I just want to clarify, because I’m new to RPE, and am just getting starting to get a feel for it. I understand that I should be able to complete sets at RPE 8 with roughly 4-5 minutes of rest in between (can’t remember if I read that in the program PDF, or heard it on a BB Medicine podcast / Q/A).

That said, even though I require significantly more rest (or at least I feel that I do - it’s been about a week and a half since I’ve tested running sets with less time in between), the bar is never particularly slow on the last rep of any set. I always have more reps in the tank - even on sets 3 and 4.

If you still feel I should drop weight, then that is exactly what I will do. I just want to make sure that I’m not cheating myself and going too light. When I finished my novice LP, my numbers were as follows:

Squat: 335 x 5 x 3
Deadlift: 340 x 5 x 1
Bench: 225 x 5 x 3 (though it was still going 5 lbs / workout, I decided to switch to bridge anyway - my other lifts were done going up in weight)
OHP: 140 x 5 x 3

Thanks again! I really do appreciate the help.

If those ending LP numbers were nearly all-out grinders with 10+ minutes rest in between sets, then you need to adjust your expectations for what your routine training numbers should be like.
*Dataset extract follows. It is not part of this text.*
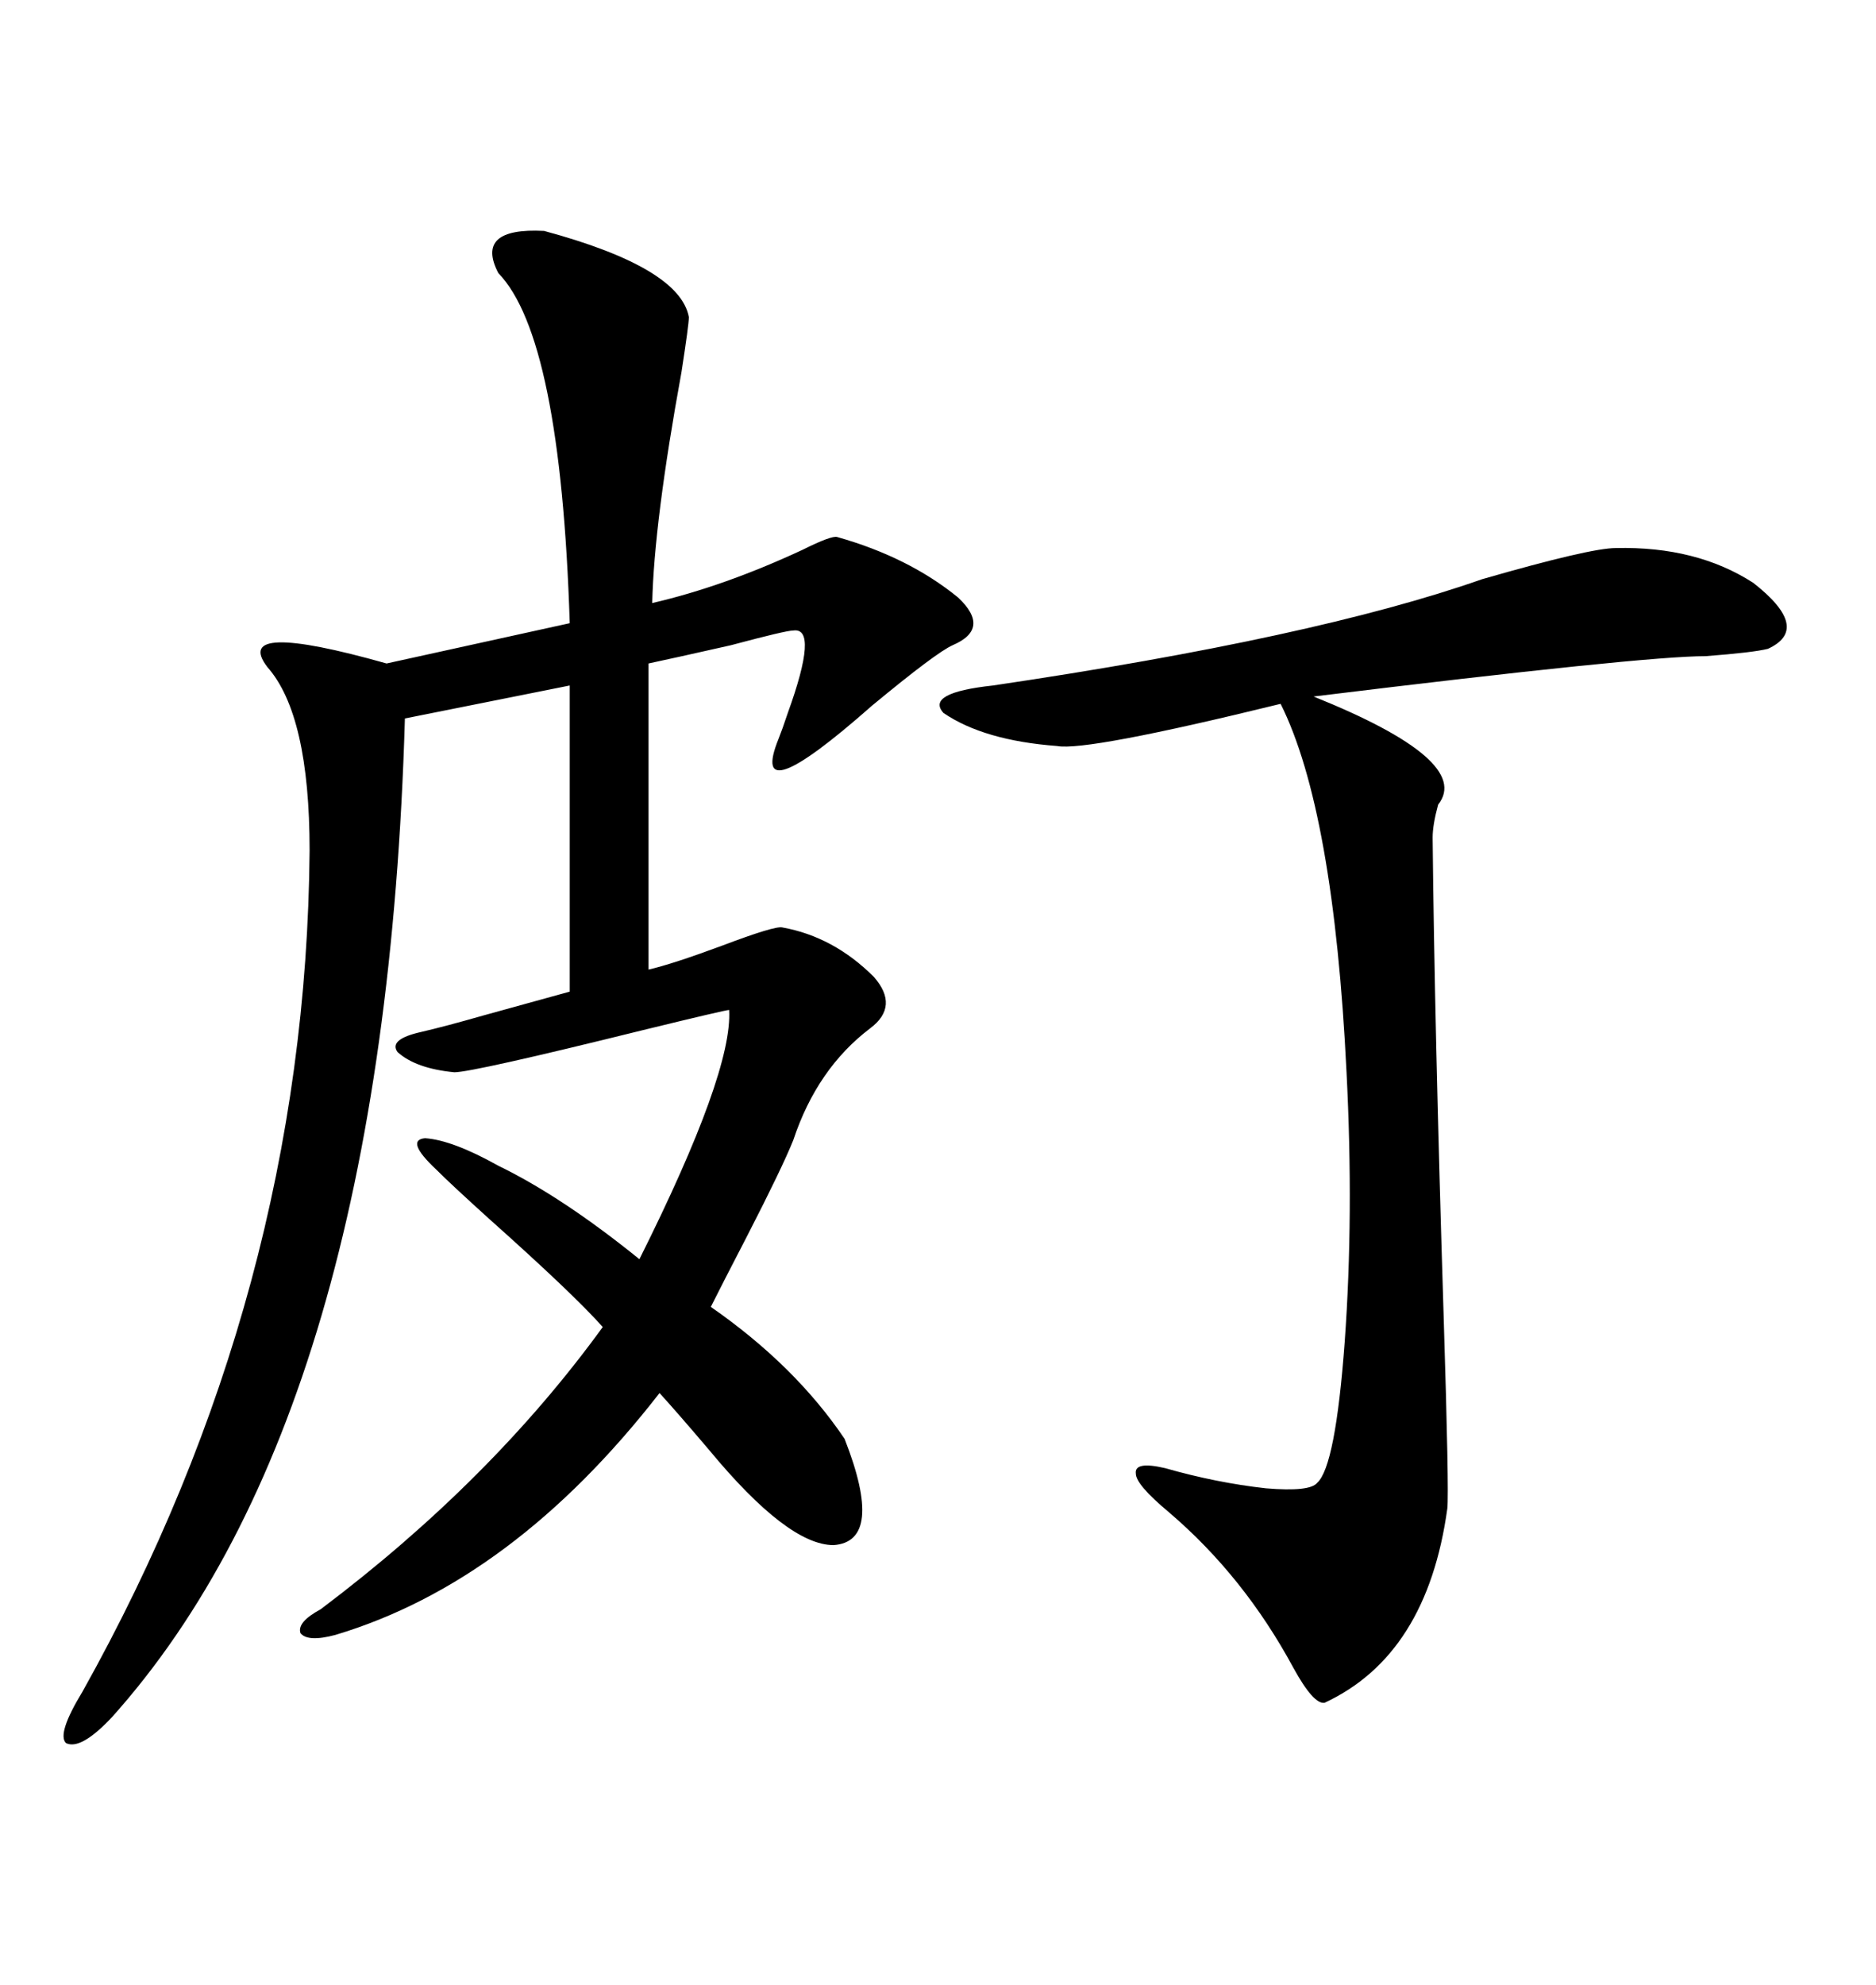 <svg xmlns="http://www.w3.org/2000/svg" xmlns:xlink="http://www.w3.org/1999/xlink" width="300" height="317.285"><path d="M87.01 36.91L87.01 36.91Q108.69 42.77 110.16 50.68L110.16 50.68Q110.16 51.86 108.98 59.47L108.98 59.47Q104.59 83.50 104.30 96.39L104.30 96.39Q115.72 93.75 128.32 87.89L128.32 87.89Q133.01 85.55 133.89 85.84L133.89 85.84Q145.31 89.06 153.22 95.51L153.22 95.51Q158.50 100.49 152.34 103.13L152.34 103.13Q149.71 104.30 139.45 112.79L139.45 112.79Q119.53 130.37 124.51 118.07L124.51 118.07Q125.10 116.60 125.98 113.96L125.98 113.96Q130.96 100.20 126.86 100.78L126.86 100.78Q125.68 100.78 116.89 103.13L116.89 103.13Q107.81 105.18 103.71 106.05L103.71 106.05L103.71 154.98Q107.52 154.10 115.43 151.17L115.43 151.17Q123.93 147.95 125.10 148.24L125.10 148.24Q133.30 149.71 139.75 156.15L139.75 156.15Q143.85 160.84 139.16 164.36L139.16 164.36Q130.66 170.80 126.86 182.23L126.86 182.23Q125.10 186.62 119.53 197.46L119.53 197.46Q115.43 205.37 113.67 208.89L113.67 208.89Q127.15 218.26 135.06 229.98L135.06 229.98Q141.50 246.39 133.30 246.97L133.30 246.97Q125.98 246.97 113.38 231.74L113.38 231.74Q108.40 225.88 105.47 222.66L105.47 222.66Q82.03 252.83 53.61 261.33L53.61 261.33Q49.22 262.50 48.05 261.04L48.05 261.04Q47.46 259.28 51.27 257.23L51.27 257.23Q78.52 236.72 96.39 212.11L96.39 212.11Q91.70 206.84 78.22 194.82L78.22 194.82Q72.07 189.26 69.73 186.91L69.73 186.91Q64.75 182.23 67.97 181.93L67.97 181.93Q72.36 182.23 79.69 186.33L79.69 186.33Q89.94 191.31 102.25 201.27L102.25 201.27Q117.19 171.39 116.60 161.43L116.60 161.43Q116.02 161.43 102.83 164.65L102.83 164.65Q75.59 171.39 72.66 171.39L72.66 171.39Q66.50 170.80 63.57 168.16L63.57 168.16Q62.11 166.11 67.38 164.94L67.38 164.94Q71.19 164.06 77.34 162.30L77.34 162.30Q85.84 159.96 91.11 158.50L91.11 158.50L91.11 109.57L64.75 114.84Q61.52 225.88 17.87 274.51L17.87 274.51Q12.89 279.79 10.55 278.61L10.55 278.61Q9.08 277.15 13.18 270.41L13.18 270.41Q48.93 206.54 49.51 135.94L49.51 135.94Q49.51 114.26 42.77 106.64L42.77 106.64Q36.91 99.02 61.82 106.05L61.82 106.05L91.11 99.61Q89.65 53.91 79.69 43.65L79.69 43.65Q75.88 36.33 87.01 36.91ZM258.40 87.60L258.40 87.60Q271.29 87.30 280.37 93.16L280.37 93.16Q289.75 100.49 282.71 103.71L282.71 103.71Q280.37 104.30 272.75 104.88L272.75 104.88Q262.79 104.88 210.06 111.33L210.06 111.33Q235.55 121.58 229.98 128.61L229.98 128.61Q229.10 131.84 229.10 133.89L229.10 133.89Q229.39 163.18 230.86 210.35L230.86 210.35Q231.74 238.48 231.45 241.11L231.45 241.11Q228.22 264.55 211.82 272.17L211.82 272.17Q210.06 272.46 206.84 266.60L206.84 266.60Q198.93 251.95 186.91 241.70L186.91 241.70Q181.64 237.30 181.64 235.55L181.64 235.55Q181.35 233.50 186.33 234.67L186.33 234.67Q194.53 237.01 202.44 237.89L202.44 237.89Q209.47 238.48 210.64 237.01L210.64 237.01Q213.57 234.38 215.04 214.45L215.04 214.45Q216.50 194.24 215.33 171.39L215.33 171.39Q213.28 129.49 204.79 112.50L204.79 112.50Q173.73 120.12 169.04 119.24L169.04 119.24Q157.32 118.36 150.88 113.96L150.88 113.96Q147.95 110.74 158.79 109.57L158.79 109.57Q210.35 101.95 237.01 92.58L237.01 92.58Q254.30 87.60 258.40 87.60Z"/></svg>

Because if you plan to increase your training volume over time to drive long-term progress, rest periods that long will quickly make your sessions 3+ hours in length. Again, if you seem to be that sensitive to the tempo squats, you could substitute one of the options I described above, but I do think you need to improve your work capacity / tolerance for training.